Syndications ____________________________          ______     ___X__        __50%__    __50%__     

Advertising______________________________          ______     ___X__       __50%__    __50%__     

Commercial Merchandising_______________           ______     ___X__      __50%__    __50%__

Motion Picture __________________________          ______     ___X__       __93%__     __7%___

Live Stage Play __________________________         ______     ___X__       __93%__     __7%___

Electronic Version________________________           ______     ___X__      __see royalty rate__  

Future Technology Version________________          ______     ___X__       __see royalty rate__  

   Publisher shall have all rights pursuant to this paragraph unless Publisher is in default of its obligations under this Agreement. The rights and the right to license any and all subsidiary right not set forth in this Paragraph is retained by the Publisher. Licensing income shall be divided as specified herein with any reductions for expenses.   Licensing income shall be collected by the Publisher authorized to license the right and the appropriate percentage remitted to Author or Author’s Agent pursuant to terms in Royalties paragraph within 90 days of receipt.  Foreign rights include the right to license the Work to a foreign publisher or other marketable sources, however, Publisher is under no obligation to license the Work to a foreign entity or a book club whether in the United States or any other nation or country.

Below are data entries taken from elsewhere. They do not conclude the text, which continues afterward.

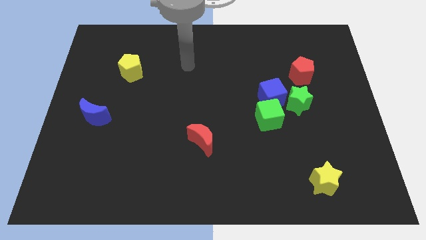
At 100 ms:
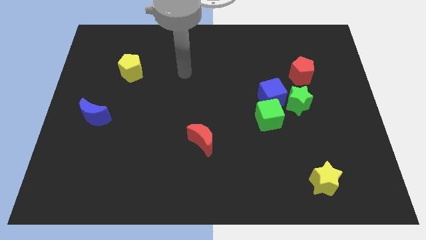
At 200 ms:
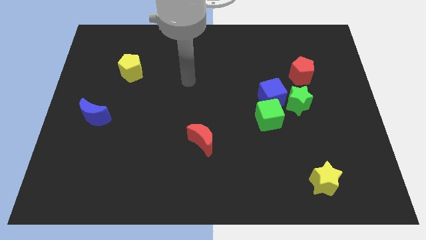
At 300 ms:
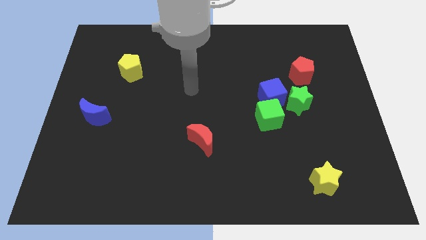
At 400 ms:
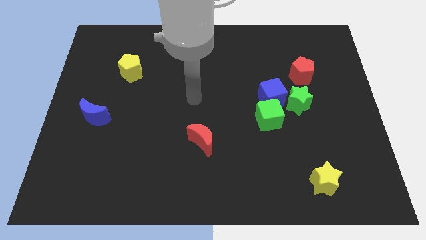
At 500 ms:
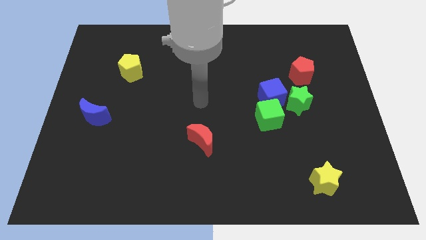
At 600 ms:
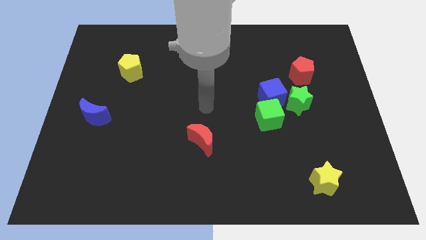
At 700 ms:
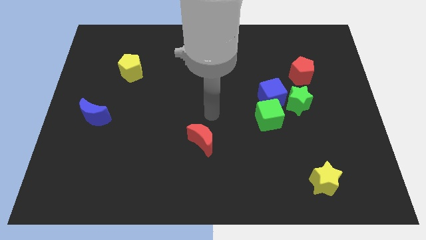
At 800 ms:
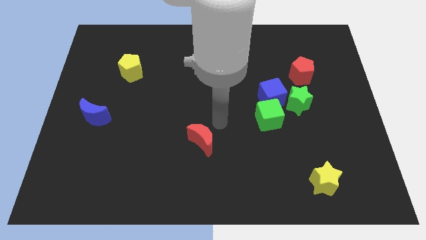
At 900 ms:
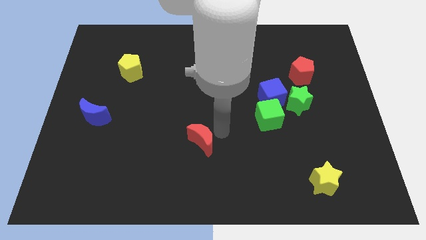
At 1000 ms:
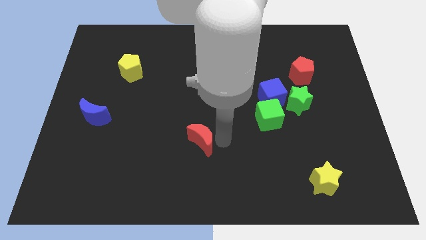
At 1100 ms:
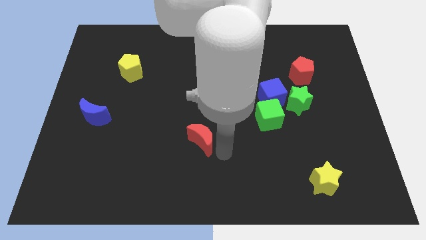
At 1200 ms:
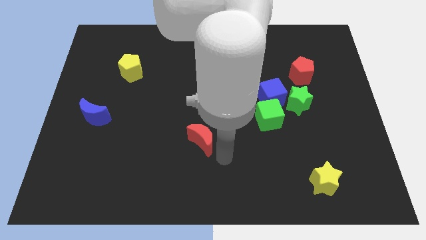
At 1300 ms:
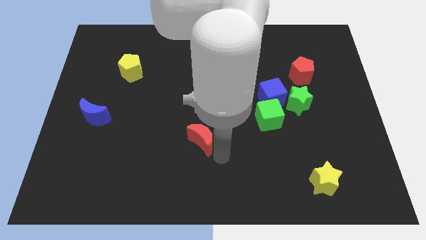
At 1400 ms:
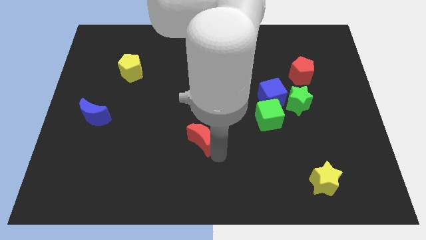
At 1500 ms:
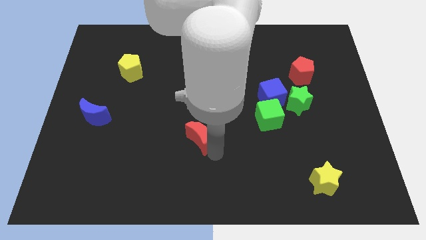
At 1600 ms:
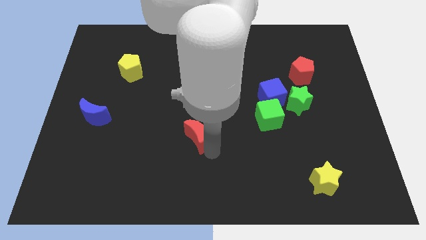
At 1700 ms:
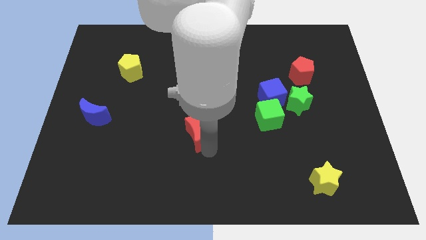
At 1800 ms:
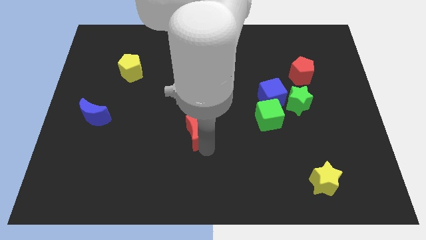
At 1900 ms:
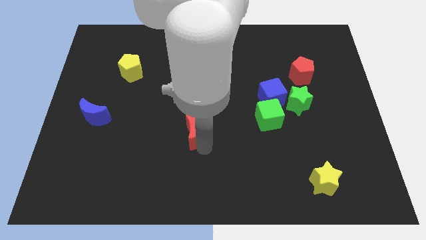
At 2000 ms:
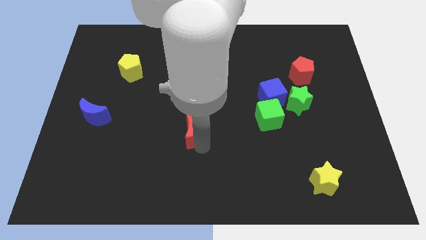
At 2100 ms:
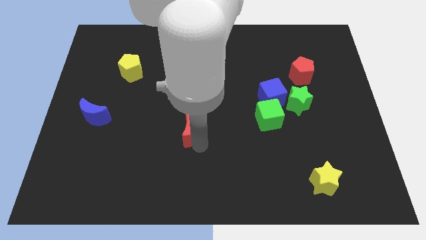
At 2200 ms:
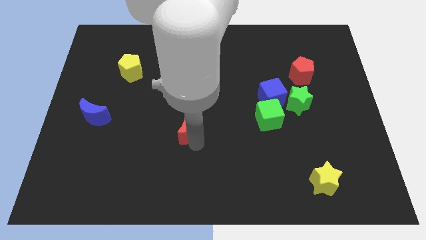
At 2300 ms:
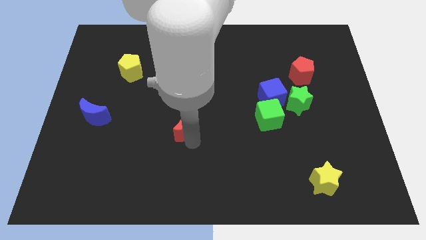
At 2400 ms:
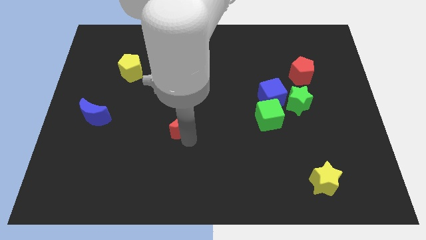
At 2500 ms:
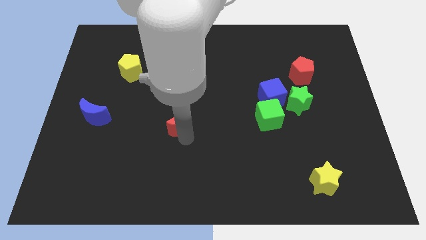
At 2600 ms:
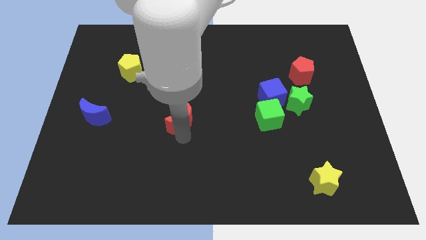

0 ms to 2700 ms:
slightly push the red moon upwards and then left

  Now you have an idea how involved the publishing contract is and what it looks like.  A writer should not rely on his agent to decipher all the contract terms and conditions.  You must learn about the publishing industry if you wish to be successful.  Countless authors have been used, abused, taken, cheated from unscrupulous agents and publishers due to faulty contracts, verbal assurances, etc.  You can hire an attorney, but make sure he is reputable and familiar with publishing law.  Again, it takes money to make money; editing fees to get your book published and now attorney fees to review your publishing contract!  If you study publishing law - which is remarkably easy to do with the books on the market today - you can review and approve the contract yourself.

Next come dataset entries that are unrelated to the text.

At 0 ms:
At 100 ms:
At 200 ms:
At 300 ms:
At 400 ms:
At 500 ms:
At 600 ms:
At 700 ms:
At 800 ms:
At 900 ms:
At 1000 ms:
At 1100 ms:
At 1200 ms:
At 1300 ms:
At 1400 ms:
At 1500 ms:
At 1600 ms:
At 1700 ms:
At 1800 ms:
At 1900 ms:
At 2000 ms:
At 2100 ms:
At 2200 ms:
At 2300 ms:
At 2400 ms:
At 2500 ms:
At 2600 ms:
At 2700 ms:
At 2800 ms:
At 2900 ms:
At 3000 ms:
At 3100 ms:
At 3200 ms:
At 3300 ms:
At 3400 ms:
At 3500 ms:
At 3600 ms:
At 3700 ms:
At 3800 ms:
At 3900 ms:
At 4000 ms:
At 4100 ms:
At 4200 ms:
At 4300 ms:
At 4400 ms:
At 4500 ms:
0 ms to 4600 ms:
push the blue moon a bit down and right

  Keep in mind that each publisher will require a different Grant of Rights, terms, conditions, etc.  If you compare contracts from two different publishers one may seem better than the other, but there are many factors to consider to realize one is truly a better deal.  A publisher that pays an advance with a higher royalty rate may seem great, but you may never earn a dime beyond the advance as most authors rudely discover.  Agents love publishers that pay advances, so your agent will steer you to that publisher.  But that same publisher may take a book off the market just to keep it off the market so it will not compete with their bestseller.   They may be a machine that launches books and backlists them like a bad habit.   It's rough out there. 

  Make certain you have a Reversion of Rights clause in any contract you sign.  This way when sales of your book fall to a specified level of sales, you can withdraw your book from that publisher and offer it to another publisher.   If not?  You lose your book!  The publisher owns it for the full term of the copyright and does not have to return it to you or pay any royalties if they don't sell the books. 

  What if you make a mistake and approve a contract that was not such a good deal?  Instead of filing a lawsuit that you can lose and have to pay tens of thousands of dollars in legal fees and court costs, just chalk it up to experience and make corrections on the next book contract.  Live and learn.   Basically, every writer needs to start somewhere, somehow and a new writer will rarely have the clout to alter a publishing contract to any large degree.  

  The terms and conditions you see in a publishing agreement is on the most part not negotiable for new authors.  Sign it, get published, write your next book and negotiate better terms and conditions the next time around.  Once you are published it is easier to obtain another publisher to pick up your next book or obtain better terms with your current publisher.  Getting published the first time is the big hurdle to overcome and those with edited manuscripts are the authors who win.